Convictions do not always lead to conversion but Transformation cannot happen unless we are first convicted. We may not recognize the conviction at first but on the road to Emmaus don’t miss the significance of the resurrection: It convicts us. And that conviction can change us and the world around us.

III

Finally, don’t miss the significance of the resurrection: It can make us witnesses. And this is perhaps the area where most of us fail. You are certainly not alone if you have never spoken to another person about the death and resurrection of Jesus. Very few people live the life of Billy Graham. I recently read that Billy Graham has “preached the Gospel to more people in live audiences than anyone else in history -- over 210 million people in more than 185 countries and territories” (source: billygraham.org).

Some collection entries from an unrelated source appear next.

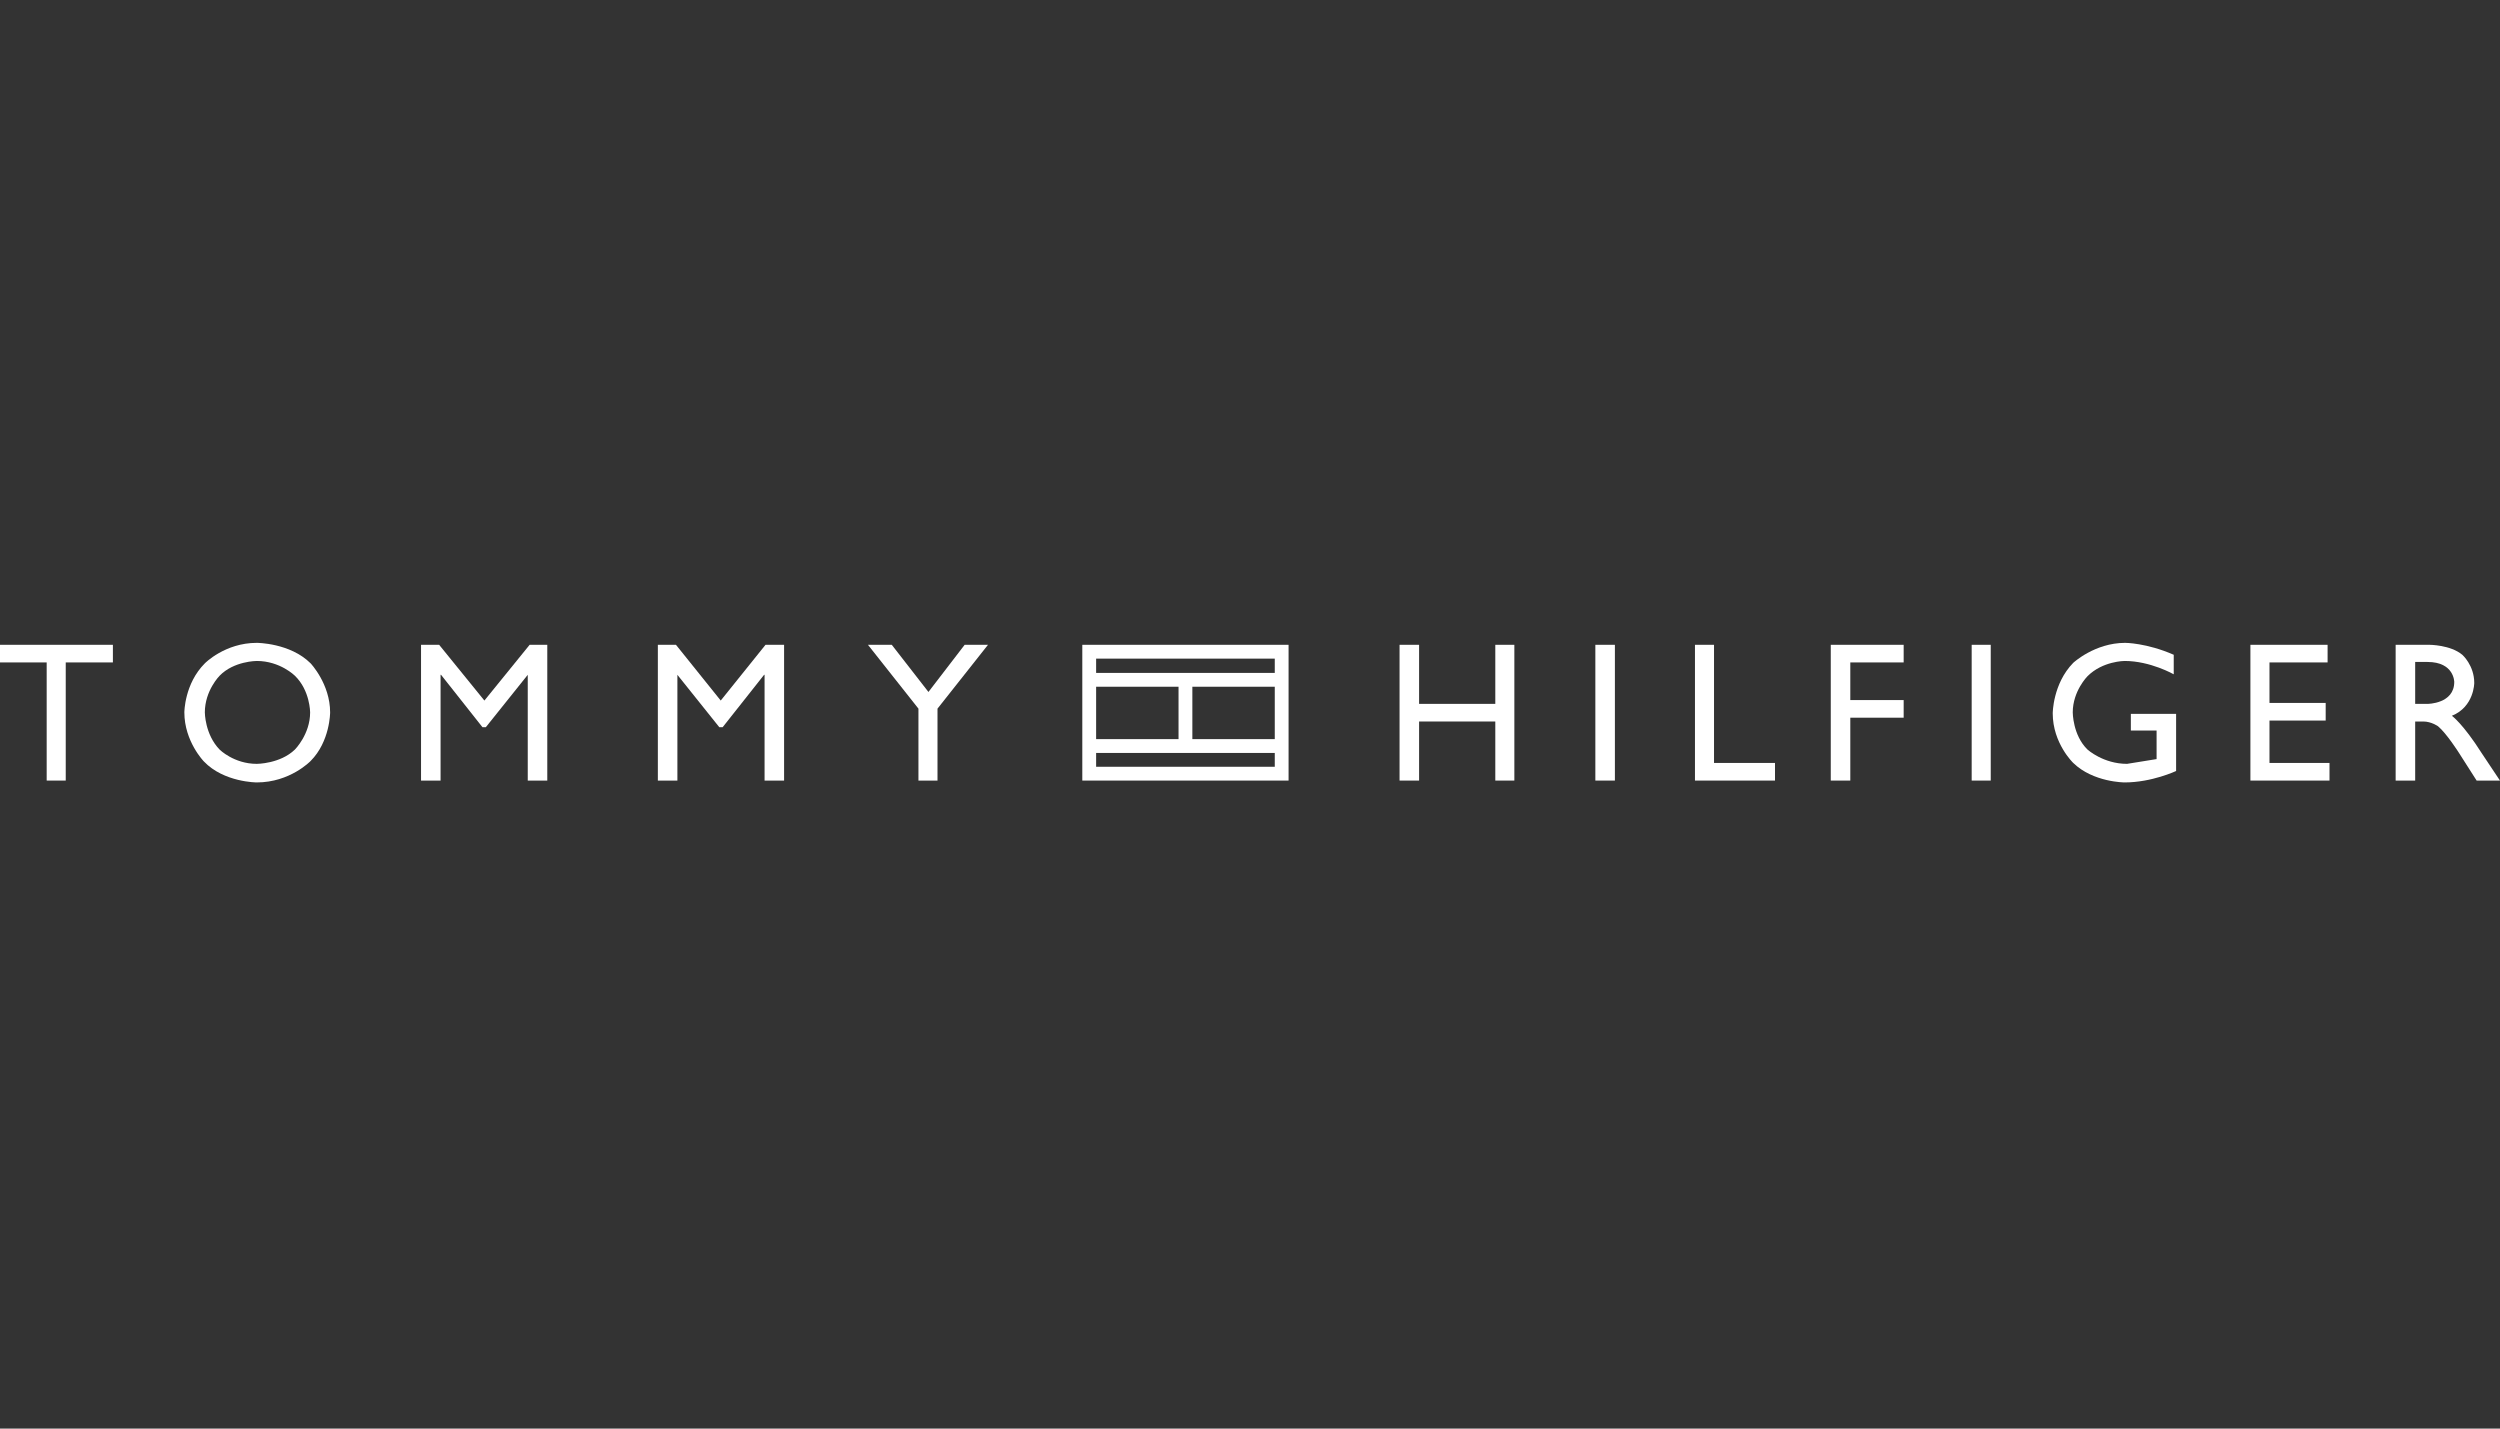 <svg width="140" height="80" viewBox="0 0 140 80" fill="none" xmlns="http://www.w3.org/2000/svg">
<rect x="0" y="0" width="140" height="80" fill="#333333" stroke="none"/>
<path d="M6.322 37.096H3.681V43.712H2.614V37.096H0V36.109H6.322V37.096Z" fill="white"/>
<path d="M14.379 36C12.592 36 11.471 37.147 11.471 37.147C10.324 38.294 10.324 39.895 10.324 39.895C10.324 41.522 11.418 42.642 11.418 42.642C12.538 43.816 14.379 43.816 14.379 43.816C16.247 43.816 17.394 42.616 17.394 42.616C18.487 41.522 18.487 39.895 18.487 39.895C18.487 38.294 17.394 37.147 17.394 37.147C16.247 36 14.379 36 14.379 36ZM14.379 37.014C15.686 37.014 16.513 37.841 16.513 37.841C17.367 38.668 17.367 39.895 17.367 39.895C17.367 41.122 16.513 41.976 16.513 41.976C15.686 42.776 14.379 42.776 14.379 42.776C13.099 42.776 12.298 41.976 12.298 41.976C11.471 41.122 11.471 39.895 11.471 39.895C11.471 38.668 12.298 37.841 12.298 37.841C13.099 37.014 14.379 37.014 14.379 37.014Z" fill="white"/>
<path d="M30.648 43.712H29.554V37.79L27.206 40.724H27.019L24.699 37.79H24.672V43.712H23.578V36.109H24.592L27.126 39.231L29.66 36.109H30.648V43.712Z" fill="white"/>
<path d="M43.909 43.712H42.816V37.79H42.789L40.468 40.724H40.281L37.934 37.79V43.712H36.84V36.109H37.854L40.361 39.231L42.869 36.109H43.909V43.712Z" fill="white"/>
<path d="M54.021 36.109H55.328L52.5 39.684V43.712H51.433V39.684L48.605 36.109H49.939L51.993 38.75L54.021 36.109Z" fill="white"/>
<path d="M84.804 36.109V43.712H83.737V40.404H79.469V43.712H78.375V36.109H79.469V39.417H83.737V36.109H84.804Z" fill="white"/>
<path d="M90.434 43.712H89.34V36.109H90.434V43.712Z" fill="white"/>
<path d="M95.985 42.725H99.4V43.712H94.918V36.109H95.985V42.725Z" fill="white"/>
<path d="M106.605 37.096H103.617V39.204H106.605V40.191H103.617V43.712H102.523V36.109H106.605V37.096Z" fill="white"/>
<path d="M111.481 43.712H110.414V36.109H111.481V43.712Z" fill="white"/>
<path d="M121.862 43.176C121.862 43.176 120.502 43.816 118.981 43.816C118.981 43.816 117.221 43.816 116.1 42.723C116.1 42.723 114.953 41.629 114.953 39.948C114.953 39.948 114.953 38.294 116.1 37.12C116.1 37.12 117.301 36 119.008 36C119.008 36 120.208 36 121.729 36.667V37.761C121.729 37.761 120.422 37.014 118.981 37.014C118.981 37.014 117.754 37.014 116.901 37.867C116.901 37.867 116.074 38.694 116.074 39.895C116.074 39.895 116.074 41.175 116.901 41.976C116.901 41.976 117.781 42.776 119.115 42.776L120.769 42.509V40.908H119.328V39.975H121.862V43.176Z" fill="white"/>
<path d="M130.345 37.096H127.091V39.364H130.238V40.351H127.091V42.725H130.452V43.712H126.023V36.109H130.345V37.096Z" fill="white"/>
<path d="M134.156 36.109V43.712H135.25V40.404H135.704C136.157 40.404 136.53 40.671 136.53 40.671C137.011 41.071 137.704 42.165 137.704 42.165L138.691 43.712H139.998L138.985 42.192C137.918 40.511 137.304 40.084 137.304 40.084C138.558 39.577 138.558 38.243 138.558 38.243C138.558 37.257 137.891 36.67 137.891 36.67C137.224 36.109 136.05 36.109 136.05 36.109H134.156ZM135.25 37.07H135.944C137.438 37.07 137.438 38.19 137.438 38.19C137.438 39.417 135.944 39.417 135.944 39.417H135.25V37.07Z" fill="white"/>
<path d="M60.609 36.109V43.712H72.16V36.109H60.609ZM61.383 36.883H71.387V37.683H61.383V36.883ZM61.383 38.457H65.998V41.391H61.383V38.457ZM66.772 38.457H71.387V41.391H66.772V38.457ZM61.383 42.165H71.387V42.939H61.383V42.165Z" fill="white"/>
</svg>

You can measure the numbers but you cannot measure the effect upon the world when one man reaches millions. Try to calculate the homes kept in tact, the marriages saved, the children given spiritually mature fathers, the young saved from drugs, and thousands of other influences that Graham has had. You cannot. The significance of that one life cannot be calculated. Even more, there is no lab or library that can account for the impact the resurrection has had upon history.

You take the resurrection out of the Gospel and the house of cards of Christianity will fall to the ground. Paul recognized this when he wrote to the Corinthians. Some were saying that the resurrection never happened. Paul made it clear. He said, if Christ has not been raised then your faith is in vain and the Gospel is nothing but a charade. Scenic Hills United Methodist Church [insert you church here] let me proclaim to you this day that Christ has indeed been raised form the dead!

At the end of this story the two brothers do what is only natural. The get up, walk back to Jerusalem and tell the disciples whom they have seen. That’s being a witness. Telling your friends what you have seen. You do not have to be Billy Graham. You simply tell what you have seen. The resurrection is significant enough to do the rest of the work for you. It was the power behind the witness of the disciples, it was the power behind these two brothers on the road home to Emmaus, it was the power of Paul who brought the gospel to Rome, it was the power of Augustine, and Billy Graham. And it is the power behind your witness as well. On the road home don’t miss the power of the resurrection to convict, to transform, and to make you his witnesses.